Narco-Bankers, Drug Summits and Presidents
Few events are more emblematic of the fusion of high-level government officials, corporate finance, and drug trafficking than a meeting in Mérida between then-President George W. Bush and Calderón in March 2007. The meeting hatched the initial plans of the Mérida Initiative, or Plan Mexico, which has made Mexico the number one recipient of U.S. military aid in Latin America, surpassing Colombia. Narco News reported the Mérida summit was being hosted at the property of accused narcotrafficker and money launderer Roberto Hernández Ramírez. The narco-estate had also been the site of a 1999 anti-drug summit between President Bill Clinton and his Mexican counterpart Ernesto Zedillo.
At the time of the 1999 meeting, Hernández was the owner of Mexico's national bank, Banamex. By the time of the following presidential summit in 2007, Hernández had become a board member of Citigroup, which had bought Banamex. (Mexican daily Por Esto! and Narco News broke the story about the narco-banker and defeated Citigroup's libel and slander suit against their reporters; for a full account, see The Narco News Bulletin.)

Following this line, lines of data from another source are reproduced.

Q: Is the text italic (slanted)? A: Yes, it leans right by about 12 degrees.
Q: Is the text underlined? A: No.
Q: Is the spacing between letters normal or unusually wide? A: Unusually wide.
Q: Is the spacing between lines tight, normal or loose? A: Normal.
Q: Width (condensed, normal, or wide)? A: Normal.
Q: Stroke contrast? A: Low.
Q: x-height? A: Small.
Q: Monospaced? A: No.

As Clinton's Treasury Secretary, Robert Rubin led a money laundering investigation against Banamex in 1998. But according to a former U.S. customs agent, Rubin helped shutdown the Banamex investigation once customs agents began implicating top-level officials in the Mexican government. By 2001, Rubin had joined Citigroup and led the financial firm's buyout of Hernández's Banamex. Considering the financial company's established links with drug money laundering in Mexico, the purchase of Banamex put Citigroup in a position to bank millions of dollars in illegal drug profits.
Around We Go
Rubin, Hernández and Citigroup are all part of a system, rarely punished beyond a fine, with privileged access to power. The message could not be clearer: Those in the top echelons of the drug trade – and their necessary politico-banker allies – will continue to profit from the trade in illicit drugs, while the artillery of Plan Mexico is directed at the replaceable pawns of the lucrative business. Washington is funding both sides of the drug war. U.S. military aid to this corrupt system has flowed rapidly under the Obama administration.
Meanwhile, Mexicans are left to ponder the violent and corrupt political system they are left with ahead of the July elections. Election polls project that 60 percent of all eligible voters will simply stay home, while a campaign for a blank vote of protest gains momentum.

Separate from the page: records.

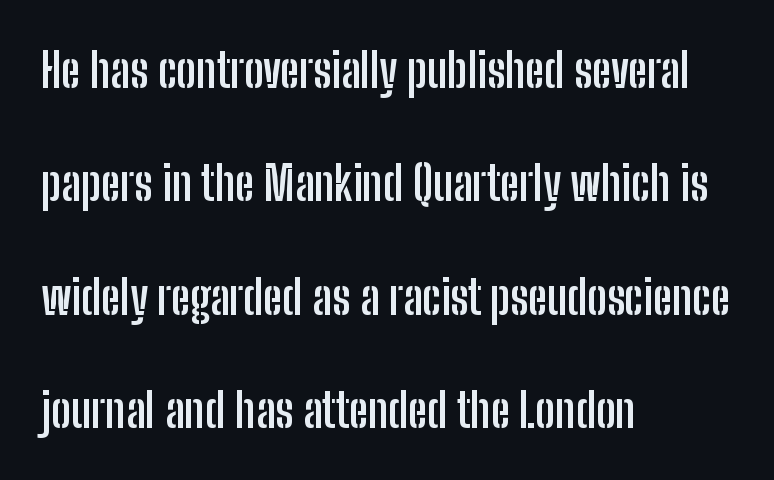
{"serif": "no", "italic": "no", "bold": "yes", "weight": "semibold", "width": "condensed", "stroke_contrast": "low", "x_height": "medium", "monospaced": "no", "underline": "no", "align": "left", "line_spacing": "loose", "line_spacing_ratio": 2.41, "letter_spacing": "normal", "letter_spacing_em": 0.0, "glyph_px": 47}
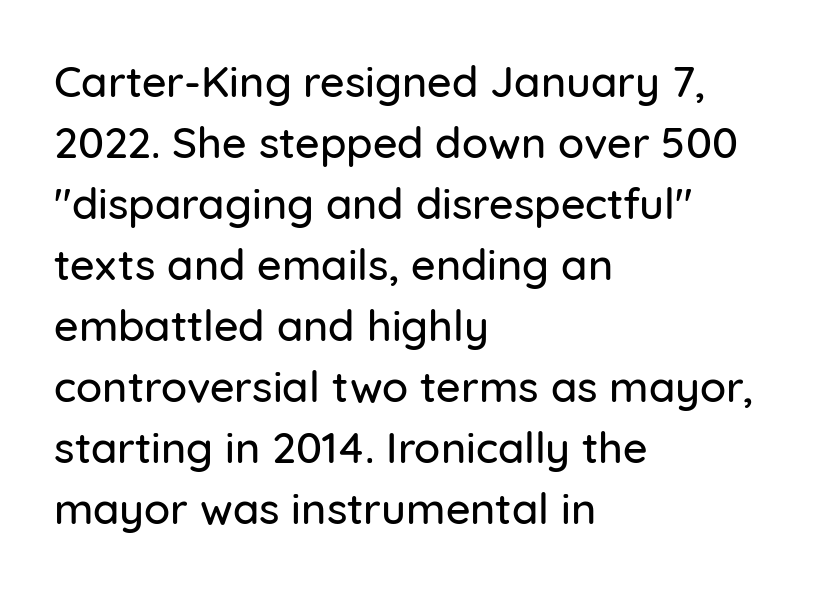
Q: Is the text italic (slanted)? A: No, it is upright.
Q: Is the typeface a serif or a sans-serif typeface? A: Sans-serif.
Q: Is the text underlined? A: No.
Q: How is the paragraph aligned? A: Left-aligned.
Q: Is the spacing between letters normal or unusually wide? A: Normal.
Q: Is the spacing between lines tight, normal or loose? A: Normal.
Q: Width (condensed, normal, or wide)? A: Normal.
Q: Stroke contrast? A: Low.
Q: x-height? A: Medium.
Q: Monospaced? A: No.

Most Mexicans clearly understand the post-NAFTA reality: As the economy rots in joblessness, their politicians court powerful moneyed interests; whether from the drug trade, multinational corporations, or both at the same time. The supposed “failed state” looks a lot more like a corporate-backed narco-state.
Notes:
1. This premise is borrowed from Teo Ballvé's unpublished May 2009 manuscript: "Territories of Partition: Warlord Governance and the Predatory State." The paper details a similar process underway in Colombia, which dynamics in Mexico increasingly resemble.
Todd Miller is a NACLA Research Associate.